We prospectively studied 476 predominantly male veterans who were referred for upper endoscopy because of symptoms or signs suggestive of upper gastrointestinal disease. All patients were interviewed immediately before the procedure by a physician who used a standardized symptom questionnaire. Endoscopic findings were categorized and graded according to their extent and severity. The prevalence, nature, and severity of esophageal symptoms and their relationship to endoscopic disease severity were then analyzed.

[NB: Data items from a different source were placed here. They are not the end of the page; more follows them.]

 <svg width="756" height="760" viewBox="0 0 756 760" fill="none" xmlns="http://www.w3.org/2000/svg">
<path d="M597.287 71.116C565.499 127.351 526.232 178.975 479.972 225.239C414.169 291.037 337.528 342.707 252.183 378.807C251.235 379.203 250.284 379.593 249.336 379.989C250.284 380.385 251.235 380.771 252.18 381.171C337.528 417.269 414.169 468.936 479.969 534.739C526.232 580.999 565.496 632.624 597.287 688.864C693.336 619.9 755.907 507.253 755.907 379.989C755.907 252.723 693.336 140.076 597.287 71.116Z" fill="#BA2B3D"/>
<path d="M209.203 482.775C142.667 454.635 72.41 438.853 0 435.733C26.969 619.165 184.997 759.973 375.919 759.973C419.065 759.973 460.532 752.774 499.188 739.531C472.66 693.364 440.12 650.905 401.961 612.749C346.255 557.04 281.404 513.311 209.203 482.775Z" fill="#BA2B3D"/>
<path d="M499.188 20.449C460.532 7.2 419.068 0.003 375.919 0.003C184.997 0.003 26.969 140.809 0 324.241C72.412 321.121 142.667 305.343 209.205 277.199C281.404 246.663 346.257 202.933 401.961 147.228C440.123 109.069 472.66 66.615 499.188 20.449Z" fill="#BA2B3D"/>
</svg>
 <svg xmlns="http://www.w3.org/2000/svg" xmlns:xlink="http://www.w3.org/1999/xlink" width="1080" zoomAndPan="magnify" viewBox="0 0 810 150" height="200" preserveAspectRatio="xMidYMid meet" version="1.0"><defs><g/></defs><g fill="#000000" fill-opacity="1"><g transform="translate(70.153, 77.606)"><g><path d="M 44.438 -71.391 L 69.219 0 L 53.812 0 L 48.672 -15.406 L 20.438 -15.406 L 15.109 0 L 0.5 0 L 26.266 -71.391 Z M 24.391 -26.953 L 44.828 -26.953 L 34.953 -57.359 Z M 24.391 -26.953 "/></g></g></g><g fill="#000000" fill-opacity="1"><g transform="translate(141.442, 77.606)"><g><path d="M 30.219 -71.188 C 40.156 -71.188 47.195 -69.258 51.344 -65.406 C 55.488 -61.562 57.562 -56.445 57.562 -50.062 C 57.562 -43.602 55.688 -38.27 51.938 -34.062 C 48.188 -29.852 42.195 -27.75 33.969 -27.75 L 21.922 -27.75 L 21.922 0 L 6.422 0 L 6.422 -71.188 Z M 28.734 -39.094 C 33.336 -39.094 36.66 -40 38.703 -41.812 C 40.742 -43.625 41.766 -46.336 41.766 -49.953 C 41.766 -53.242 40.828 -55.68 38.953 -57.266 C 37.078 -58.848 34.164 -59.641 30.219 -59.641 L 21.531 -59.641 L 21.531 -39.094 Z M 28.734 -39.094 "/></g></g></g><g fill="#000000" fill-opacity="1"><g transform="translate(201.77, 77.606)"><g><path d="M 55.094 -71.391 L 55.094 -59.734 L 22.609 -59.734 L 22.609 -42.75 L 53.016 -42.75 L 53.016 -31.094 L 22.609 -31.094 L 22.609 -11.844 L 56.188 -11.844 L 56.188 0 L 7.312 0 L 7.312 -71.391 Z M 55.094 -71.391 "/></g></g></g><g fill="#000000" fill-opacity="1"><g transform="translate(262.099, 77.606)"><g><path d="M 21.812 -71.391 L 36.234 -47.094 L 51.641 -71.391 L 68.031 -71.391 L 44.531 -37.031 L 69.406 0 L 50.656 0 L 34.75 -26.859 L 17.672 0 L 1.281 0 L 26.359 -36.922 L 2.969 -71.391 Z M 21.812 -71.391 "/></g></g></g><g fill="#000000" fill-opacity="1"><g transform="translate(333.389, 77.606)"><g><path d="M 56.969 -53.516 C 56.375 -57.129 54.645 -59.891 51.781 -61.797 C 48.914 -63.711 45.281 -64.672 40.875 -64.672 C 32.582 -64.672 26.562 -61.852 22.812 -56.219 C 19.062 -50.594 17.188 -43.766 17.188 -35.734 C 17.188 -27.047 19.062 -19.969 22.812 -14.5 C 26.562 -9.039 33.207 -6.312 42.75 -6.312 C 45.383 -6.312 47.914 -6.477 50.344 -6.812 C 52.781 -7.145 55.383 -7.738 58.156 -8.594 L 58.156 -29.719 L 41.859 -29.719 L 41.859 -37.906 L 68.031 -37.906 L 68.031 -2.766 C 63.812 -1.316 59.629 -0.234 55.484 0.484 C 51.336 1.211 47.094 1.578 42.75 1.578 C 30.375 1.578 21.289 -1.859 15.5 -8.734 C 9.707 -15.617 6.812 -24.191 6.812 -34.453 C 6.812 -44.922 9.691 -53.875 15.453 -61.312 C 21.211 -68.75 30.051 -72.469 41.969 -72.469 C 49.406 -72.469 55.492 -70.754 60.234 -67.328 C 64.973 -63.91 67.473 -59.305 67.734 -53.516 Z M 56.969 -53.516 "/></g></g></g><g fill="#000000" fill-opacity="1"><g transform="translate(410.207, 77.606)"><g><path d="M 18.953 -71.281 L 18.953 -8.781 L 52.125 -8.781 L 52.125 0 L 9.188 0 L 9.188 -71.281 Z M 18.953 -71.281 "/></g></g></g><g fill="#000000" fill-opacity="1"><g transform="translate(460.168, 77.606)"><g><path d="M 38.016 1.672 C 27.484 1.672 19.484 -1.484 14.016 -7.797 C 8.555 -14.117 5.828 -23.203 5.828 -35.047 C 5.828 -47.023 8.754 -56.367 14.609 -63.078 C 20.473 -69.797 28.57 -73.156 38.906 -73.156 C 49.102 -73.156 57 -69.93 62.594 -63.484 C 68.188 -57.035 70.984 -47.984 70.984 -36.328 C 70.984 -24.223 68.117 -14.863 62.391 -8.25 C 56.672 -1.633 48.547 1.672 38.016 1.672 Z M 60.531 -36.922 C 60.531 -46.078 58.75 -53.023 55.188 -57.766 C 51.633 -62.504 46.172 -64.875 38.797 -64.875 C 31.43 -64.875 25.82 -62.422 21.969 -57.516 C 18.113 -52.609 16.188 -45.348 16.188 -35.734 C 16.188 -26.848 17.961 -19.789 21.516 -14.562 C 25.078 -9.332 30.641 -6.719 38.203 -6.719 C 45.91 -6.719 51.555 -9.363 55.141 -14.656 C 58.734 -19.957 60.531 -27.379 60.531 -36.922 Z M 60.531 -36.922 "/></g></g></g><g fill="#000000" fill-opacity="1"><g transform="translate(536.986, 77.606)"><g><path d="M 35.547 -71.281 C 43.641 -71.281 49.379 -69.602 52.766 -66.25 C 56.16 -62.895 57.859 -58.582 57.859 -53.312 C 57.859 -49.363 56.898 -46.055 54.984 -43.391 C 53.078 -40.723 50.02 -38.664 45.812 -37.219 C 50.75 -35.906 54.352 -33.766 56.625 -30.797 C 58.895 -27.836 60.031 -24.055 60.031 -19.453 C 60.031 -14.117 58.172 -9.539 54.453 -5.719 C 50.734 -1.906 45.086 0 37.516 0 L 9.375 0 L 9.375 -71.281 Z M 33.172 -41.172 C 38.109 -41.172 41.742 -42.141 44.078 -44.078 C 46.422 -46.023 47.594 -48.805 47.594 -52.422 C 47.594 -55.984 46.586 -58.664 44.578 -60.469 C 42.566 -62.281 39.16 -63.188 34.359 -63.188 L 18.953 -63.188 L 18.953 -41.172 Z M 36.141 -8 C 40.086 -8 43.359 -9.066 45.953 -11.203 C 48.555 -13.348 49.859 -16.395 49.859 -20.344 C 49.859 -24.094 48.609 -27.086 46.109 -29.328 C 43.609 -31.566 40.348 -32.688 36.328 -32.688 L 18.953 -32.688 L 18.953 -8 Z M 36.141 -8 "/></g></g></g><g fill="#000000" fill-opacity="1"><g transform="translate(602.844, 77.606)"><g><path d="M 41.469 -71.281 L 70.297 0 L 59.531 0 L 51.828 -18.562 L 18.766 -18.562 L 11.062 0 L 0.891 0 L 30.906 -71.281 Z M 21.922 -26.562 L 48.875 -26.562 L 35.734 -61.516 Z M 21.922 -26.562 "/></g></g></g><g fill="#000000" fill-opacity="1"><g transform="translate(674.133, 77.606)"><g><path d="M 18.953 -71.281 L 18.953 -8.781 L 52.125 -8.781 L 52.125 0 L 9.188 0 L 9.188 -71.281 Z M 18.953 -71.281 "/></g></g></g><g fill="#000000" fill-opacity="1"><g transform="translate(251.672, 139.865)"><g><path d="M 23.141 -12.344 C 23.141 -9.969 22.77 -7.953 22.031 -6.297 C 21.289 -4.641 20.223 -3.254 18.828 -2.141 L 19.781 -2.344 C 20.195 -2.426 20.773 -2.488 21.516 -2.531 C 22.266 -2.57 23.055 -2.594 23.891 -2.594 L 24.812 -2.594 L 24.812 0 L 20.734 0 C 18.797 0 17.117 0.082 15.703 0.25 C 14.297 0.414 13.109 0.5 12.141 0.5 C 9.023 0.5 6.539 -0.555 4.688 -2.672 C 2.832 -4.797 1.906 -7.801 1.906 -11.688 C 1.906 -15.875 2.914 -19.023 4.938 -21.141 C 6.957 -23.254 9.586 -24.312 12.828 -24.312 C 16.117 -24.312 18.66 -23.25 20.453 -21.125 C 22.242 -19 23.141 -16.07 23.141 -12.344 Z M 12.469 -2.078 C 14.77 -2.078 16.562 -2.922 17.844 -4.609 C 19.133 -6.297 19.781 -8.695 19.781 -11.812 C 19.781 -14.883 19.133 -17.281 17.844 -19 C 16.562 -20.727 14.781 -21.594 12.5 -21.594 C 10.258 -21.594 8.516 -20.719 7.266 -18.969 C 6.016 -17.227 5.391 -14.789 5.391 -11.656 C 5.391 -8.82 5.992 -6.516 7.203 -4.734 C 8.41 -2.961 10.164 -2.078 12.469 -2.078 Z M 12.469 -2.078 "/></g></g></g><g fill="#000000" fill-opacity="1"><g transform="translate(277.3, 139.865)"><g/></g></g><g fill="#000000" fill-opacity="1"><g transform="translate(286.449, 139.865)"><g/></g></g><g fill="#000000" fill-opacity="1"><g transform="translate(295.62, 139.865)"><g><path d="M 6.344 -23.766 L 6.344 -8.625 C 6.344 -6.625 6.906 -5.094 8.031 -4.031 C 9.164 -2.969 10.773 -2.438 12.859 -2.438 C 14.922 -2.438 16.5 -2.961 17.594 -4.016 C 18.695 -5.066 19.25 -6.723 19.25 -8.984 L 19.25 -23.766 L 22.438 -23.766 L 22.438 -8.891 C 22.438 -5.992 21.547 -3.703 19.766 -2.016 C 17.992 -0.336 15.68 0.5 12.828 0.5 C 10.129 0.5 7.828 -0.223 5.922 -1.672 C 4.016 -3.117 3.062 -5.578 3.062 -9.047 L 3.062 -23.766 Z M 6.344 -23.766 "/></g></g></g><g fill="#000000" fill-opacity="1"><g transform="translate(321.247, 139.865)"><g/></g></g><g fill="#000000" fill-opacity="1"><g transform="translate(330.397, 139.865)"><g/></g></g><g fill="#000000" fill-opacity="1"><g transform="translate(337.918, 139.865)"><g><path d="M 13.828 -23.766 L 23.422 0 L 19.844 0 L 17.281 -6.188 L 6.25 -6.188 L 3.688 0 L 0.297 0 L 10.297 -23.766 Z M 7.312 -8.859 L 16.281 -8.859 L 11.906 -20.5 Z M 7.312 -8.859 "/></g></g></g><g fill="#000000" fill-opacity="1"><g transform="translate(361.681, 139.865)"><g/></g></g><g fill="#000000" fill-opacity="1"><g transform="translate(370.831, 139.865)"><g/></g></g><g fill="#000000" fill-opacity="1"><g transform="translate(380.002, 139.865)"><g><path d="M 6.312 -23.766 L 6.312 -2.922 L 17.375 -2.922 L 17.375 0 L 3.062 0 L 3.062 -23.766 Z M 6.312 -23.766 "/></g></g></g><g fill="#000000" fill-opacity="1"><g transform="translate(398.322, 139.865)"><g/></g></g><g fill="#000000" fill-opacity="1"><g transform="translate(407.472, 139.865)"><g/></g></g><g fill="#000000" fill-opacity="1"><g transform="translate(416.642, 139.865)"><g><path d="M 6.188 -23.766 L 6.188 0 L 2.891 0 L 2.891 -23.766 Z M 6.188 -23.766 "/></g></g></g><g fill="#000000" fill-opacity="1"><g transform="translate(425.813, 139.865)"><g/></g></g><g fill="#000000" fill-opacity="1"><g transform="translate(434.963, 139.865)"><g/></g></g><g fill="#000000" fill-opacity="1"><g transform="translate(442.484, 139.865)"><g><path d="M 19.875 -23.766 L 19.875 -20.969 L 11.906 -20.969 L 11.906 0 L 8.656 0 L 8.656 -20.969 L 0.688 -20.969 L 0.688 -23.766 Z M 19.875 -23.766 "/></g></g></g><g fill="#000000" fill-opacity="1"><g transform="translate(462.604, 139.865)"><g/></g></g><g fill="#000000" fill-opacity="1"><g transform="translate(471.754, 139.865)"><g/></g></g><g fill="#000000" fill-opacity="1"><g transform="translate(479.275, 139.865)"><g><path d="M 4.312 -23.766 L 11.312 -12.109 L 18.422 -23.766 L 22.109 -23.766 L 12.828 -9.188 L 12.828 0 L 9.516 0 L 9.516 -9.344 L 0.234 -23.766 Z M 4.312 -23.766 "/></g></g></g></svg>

Comparisons were made between two age groups, the young (age less than 65 yr old, mean age 55 yr, age range 30-65 yr), and the elderly (more than 66 yr old, mean age 72 yr, age range 66-90 yr).

RESULTS

Heartburn without esophagitis was noted in 28% of young and 24% of elderly patients. Hiatal hernia without esophagitis was noted in 15 % of young and 18% of the elderly. The prevalence of various stages of GERD was similar in the two groups (p > 0.1, chi2 test; odds ratio: 0.983; 95% CI: 0.651-1.48). Quantitative esophageal symptom analysis revealed remarkably similar symptom severity scores for both groups for GERD stages I-IV, as well as for symptomatic controls. However, elderly patients with Barrett's esophagus were significantly less symptomatic than the young (symptom index 2.4 +/- 0.6 vs. 4.88 +/- 1.01, p < 0.02).

CONCLUSIONS

Among symptomatic adults undergoing upper endoscopy, the elderly appear to have prevalence rates, patterns, and features of symptomatic GERD that are generally similar to those of their younger counterparts. Nevertheless, the severity of symptoms in the subgroup of elderly with Barrett's esophagus is significantly less than in the young and may contribute to poor or delayed recognition of disease.

摘要

目的

胃食管反流病(GERD)在老年人中被认为很常见,可能表现为各种症状,如烧心、反流、吞咽困难或胸痛。在本研究中,我们评估了老年患者有症状的GERD模式和疾病活动范围。

方法

我们前瞻性地研究了476名主要为男性的退伍军人,他们因提示上消化道疾病的症状或体征而被转诊进行上消化道内镜检查。所有患者在检查前均由一名医生使用标准化症状问卷进行即时访谈。内镜检查结果根据其范围和严重程度进行分类和分级。然后分析食管症状的患病率、性质和严重程度及其与内镜疾病严重程度的关系。对两个年龄组进行了比较,年轻组(年龄小于65岁,平均年龄55岁,年龄范围30 - 65岁)和老年组(年龄大于66岁,平均年龄72岁,年龄范围66 - 90岁)。

结果

无食管炎的烧心在年轻患者中占28%,在老年患者中占24%。无食管炎的食管裂孔疝在年轻患者中占15%,在老年患者中占18%。两组GERD各阶段的患病率相似(p > 0.1,卡方检验;优势比:0.983;95%可信区间:0.651 - 1.48)。定量食管症状分析显示,GERD I - IV期两组以及有症状对照组的症状严重程度评分非常相似。然而,患有巴雷特食管的老年患者症状明显比年轻患者少(症状指数2.4 ± 0.6对4.88 ± 1.01,p < 0.02)。

结论

在接受上消化道内镜检查的有症状成年人中,老年人有症状的GERD患病率、模式和特征似乎与年轻患者总体相似。然而,患有巴雷特食管的老年亚组患者症状严重程度明显低于年轻患者,这可能导致疾病识别不佳或延迟。